Head of Ukrainian State Film Agency
- In office August 2014 – August 2019
- Preceded by: Kateryna Kopylova
- Succeeded by: Yulia Shevchuk (acting)

Personal details
- Born: 30 September 1977 (age 48) Kyiv, Ukrainian SSR, Soviet Union
- Party: Svoboda
- Parents: Yuri Ilyenko (father); Lyudmyla Yefymenko (mother);
- Education: Taras Shevchenko National University of Kyiv
- Occupation: Actor; politician;

= Pylyp Illenko =

Ukrainian actor and politician (born 1977)

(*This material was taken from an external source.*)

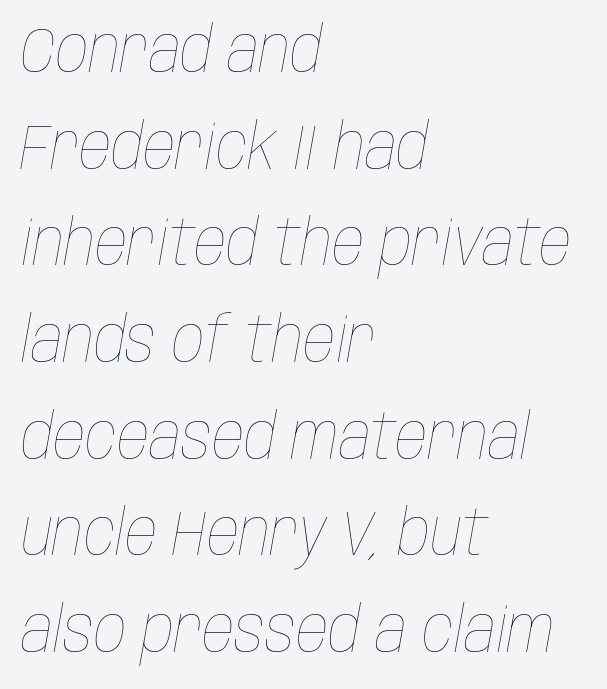
The image shows 64 px thin, condensed type, italic (leaning right); set left-aligned, normal line spacing (1.51x), normal letter spacing, not underlined; low stroke contrast and a large x-height.

Pylyp Yuriyovych Illenko (Пилип Юрійович Іллєнко; born 30 September 1977) is a Ukrainian actor, politician and producer who served as the head of the Ukrainian State Film Agency from 2014 to 2019.

== Early life and education ==
Illenko was born in Kyiv on 30 September 1977. He comes from a prominent film and acting family—his father is director Yuri Ilyenko and his mother is actress Lyudmyla Yefymenko. His brother, Andriy Illenko, is a politician who served as a People's Deputy of Ukraine during the 7th and 8th convocations. In 1999, he graduated from the Taras Shevchenko National University of Kyiv's Institute of International Relations with a master's degree in international law, is an English translator, and has a bachelor's degree in international relations. The topic of the thesis is "International legal instruments for the protection of related rights".

== Career ==

=== Early career ===
Illienko began his professional career in 1999 at the Department of International Law within Ukraine's Ministry of Justice, where he worked until 2000. From August 2000 to November 2002, he served as a senior scientific consultant, and later as chief scientific consultant, in the Department of Humanitarian and International Issues, Legislative Harmonisation with EU Countries, and Human Rights Protection within Ukraine's Main Scientific and Expert Department.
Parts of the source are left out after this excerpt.